FIG. 8 shows that according to this embodiment each inlay 17 comprises a contact field 35 having contacts 36 which can be in compliance with the ISO 7816 standard to be in contact communication with a corresponding contact field in the reader. An inlay sheet 16 supporting a plurality of inlays 17 is shown. Although each inlay 17 has been shown as having both a contact interface configured by the contact field 35 as well as a contactless interface configured by the coil antenna 18, this is only an example. The principles of the invention are equally applicable to smart card devices having only one or two types of communication interfaces.

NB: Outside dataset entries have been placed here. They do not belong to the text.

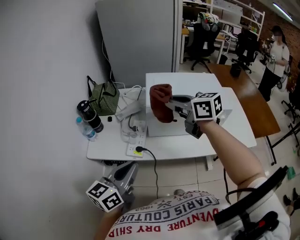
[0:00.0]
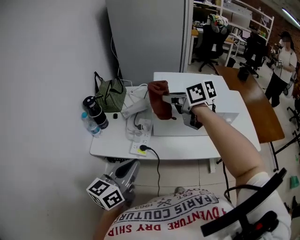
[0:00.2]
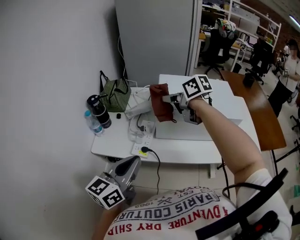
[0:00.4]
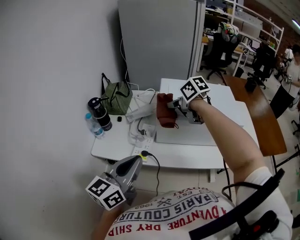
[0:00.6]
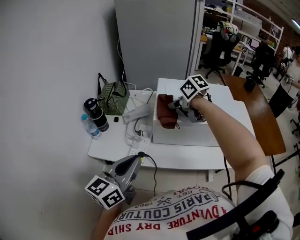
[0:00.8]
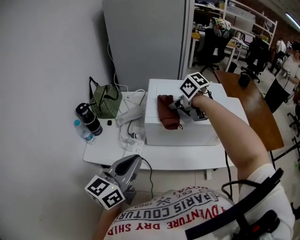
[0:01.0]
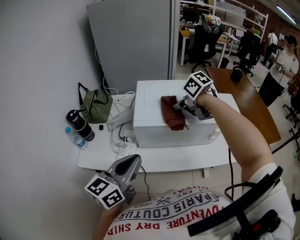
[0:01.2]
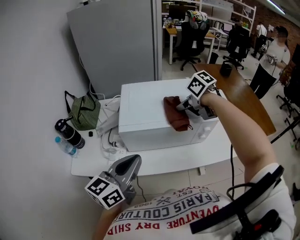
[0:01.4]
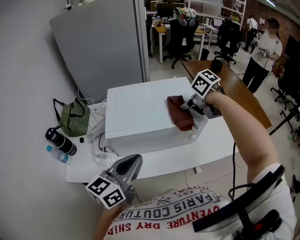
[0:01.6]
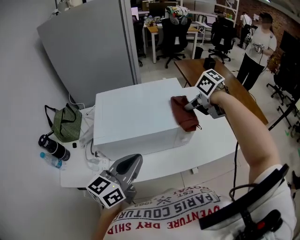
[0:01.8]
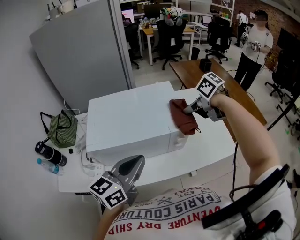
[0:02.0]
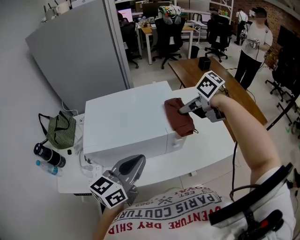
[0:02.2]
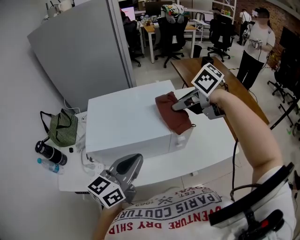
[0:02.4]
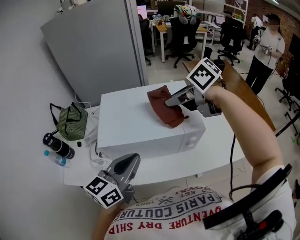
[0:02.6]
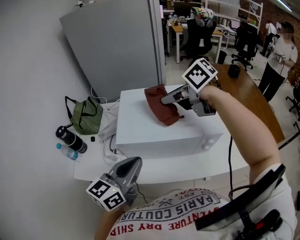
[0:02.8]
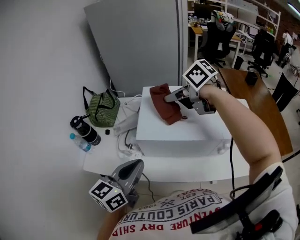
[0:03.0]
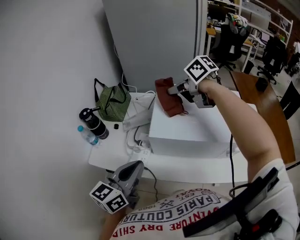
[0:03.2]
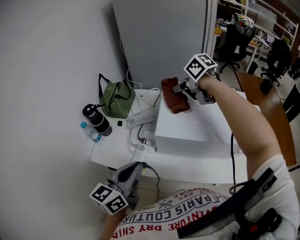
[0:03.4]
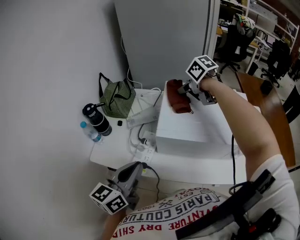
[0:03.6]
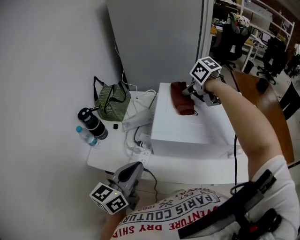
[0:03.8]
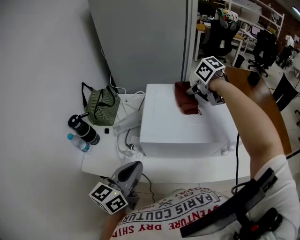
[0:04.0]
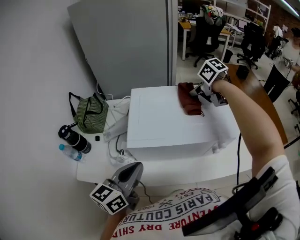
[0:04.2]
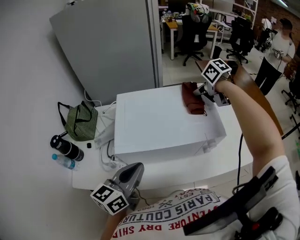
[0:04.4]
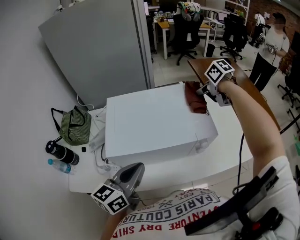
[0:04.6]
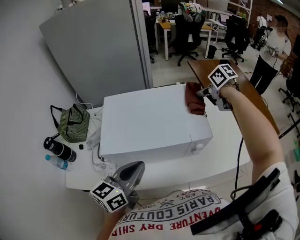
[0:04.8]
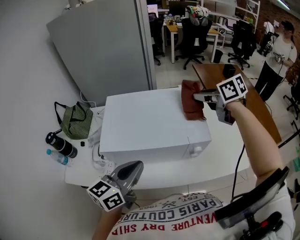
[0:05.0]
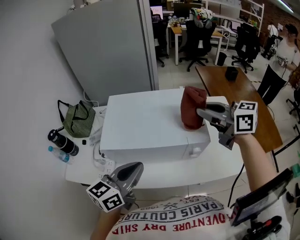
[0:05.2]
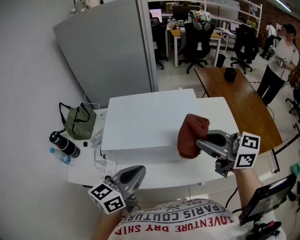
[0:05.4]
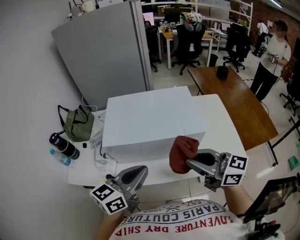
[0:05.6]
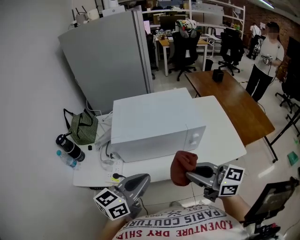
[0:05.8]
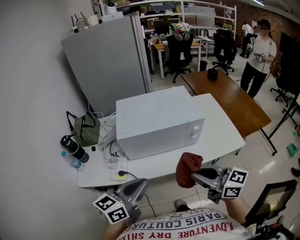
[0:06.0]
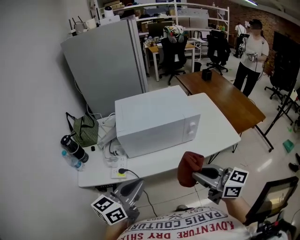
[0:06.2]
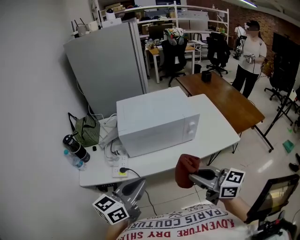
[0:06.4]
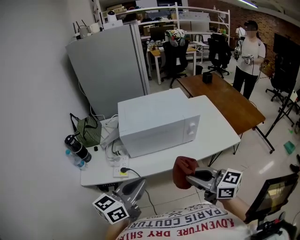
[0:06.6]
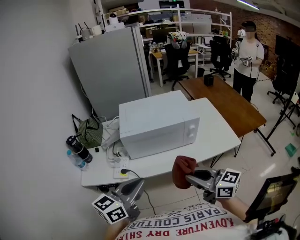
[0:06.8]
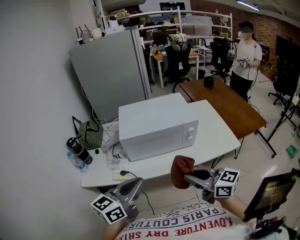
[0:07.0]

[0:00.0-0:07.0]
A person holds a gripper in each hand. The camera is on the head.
0:00.0 to 0:01.4: The left gripper is displaced to the right by some 15 cm. The right gripper travels to the right and downward by roughly 20 cm, and tilts its fingers some 40 degrees downward.
0:01.4 to 0:02.8: The left gripper goes to the right and returns, roughly 15 cm each way; the right gripper heads upward, covering approximately 10 cm, moves some 15 cm to the right and comes back, and swivels about 20 degrees.
0:02.8 to 0:04.2: The right gripper is displaced to the right, downward and forward by approximately 15 cm, and swivels about 30 degrees; the left gripper goes to the left and returns, roughly 15 cm each way.
0:04.2 to 0:05.6: The left gripper goes roughly 15 cm to the right and backward, while the right gripper is displaced backward by approximately 35 cm, and tilts its fingers roughly 50 degrees upward.
0:05.6 to 0:07.0: Both grippers travel together backward and to the left, approximately 20 cm.

In addition, the invention allows testing of multiple inlays during manufacturing by testing in-situ while the inlays are mass fabricated on a common inlay sheet, so that any inlays found to be defective may be fixed before the laminate of the finished inlay sheet. You will know. For example, erroneous connections can be repaired or defective chips can be replaced. Obviously this applies even if no special customization is required. Once tested and, if desired, customization is completed, the inlay sheet is laminated and the laminate inlay sheet is cut to separate the cards.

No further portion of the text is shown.